Mutiara Kehidupan Keluarga #1 : "Berkat dan Bersyukur"
Kedua orang tua penulis adalah pendidik dan kami hidup dalam kesederhanaan dengan didikan yang penuh nilai-nilai leluhur, nilai agama dan budaya. Pada kenyataannya keberadaan orangtua penulis ternyata juga hidup dan mewarisi nilai-nilai pendahulunya yang juga mengandung nilai budaya dan agama.
Cara mendidik kedua orang tua bukan hanya melalui ucapan tetapi yang sangat membekas adalah tingkatan mengajar untuk mengerjakan berbagai hal dengan memberi contoh atau bahasa lainnya leading by example.
Pada bagian pertama tulisan berseri ini penulis mengangkat judul terkait dengan berkat dan bersyukur. Kata berkat atau sebutan lain berkah dalam Kamus Besar Bahasa Indonesia memiliki 4 pengertian yaitu : 1) karunia Tuhan yang membawa kebaikan dalam hidup manusia, 2) doa restu dan pengaruh baik (yang mendatangkan selamat dan bahagia) dari orang yang dihormati atau dianggap suci (keramat), seperti orang tua, guru, pemuka agama, 3) makanan dan sebagainya yang dibawa pulang sehabis kenduri, 4) mendatangkan kebaikan, bermanfaat; berkah.
Berkat dalam keyakinan kami di ajarkan dengan jelas dalam Ulangan 28: 1-14. Sebagai sebuah bentuk sikap hidup untuk merespon pemberian karunia Tuhan Yang Maha Kuasa, Sang Pencipta Alam Semesta dengan selalu bersyukur dalam segala hal begitupun dalam berbagai situasi dan kondisi.
Ada hal menarik yang sering di katakan mamie ( sapaan panggilan bagi ibu) pada kondisi tertentu dengan ucapan “berkat tu ana e”. Sebuah kalimat dalam dialek Ambon yang arti padanannya “berkat itu, anakku”.
Alkisah kami selalu berangkat sekolah dengan perut yang terisi, sesuai ajaran papie ( sebutan bagi ayah) sebagai seorang guru pendidikan jasmani bahwa ke sekolah harus dengan perut yang kenyang, sehingga dapat berkonsentrasi mengikuti pelajaran sepanjang hari. Hal ini cukup untuk mengganjal perut sehingga tidak perlu jajan di sekolah. Tidak ada aturan diberi uang jajan untuk di belanjakan di sekolah bagi setiap anak.

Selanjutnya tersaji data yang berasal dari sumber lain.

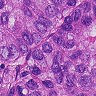
Metastatic tissue present: yes
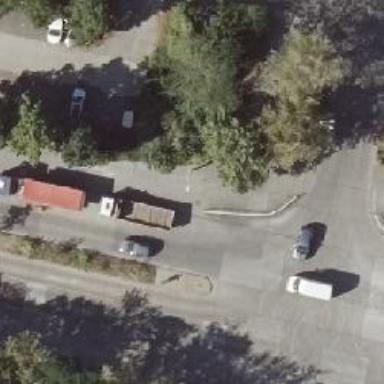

Apa sebenarnya menu di pagi hari sebelum ke sekolah?. Masih ingat betul setiap pagi tersaji roti 4 (empat) tangkap dan segelas susu di meja makan. Kami harus menghabiskan sebagai syarat kecukupan gisi empat sehat lima sempurna , tandas ayah kami.
Kebiasaan sarapan roti ini mengalami perubahan ketika penulis kuliah di Surabaya dimana cara sarapan di wilayah Jawa adalah dengan menyantap nasi diwaktu pagi.
Setelah jam sekolah usai maka kami bergegas pulang ke rumah. Yang teringat benar dalam benak penulis ketika tudung saji di meja makan diangkat untuk melihat menu makan siang, terkadang kurang selera dan langsung air muka mengkerut atau cemberut.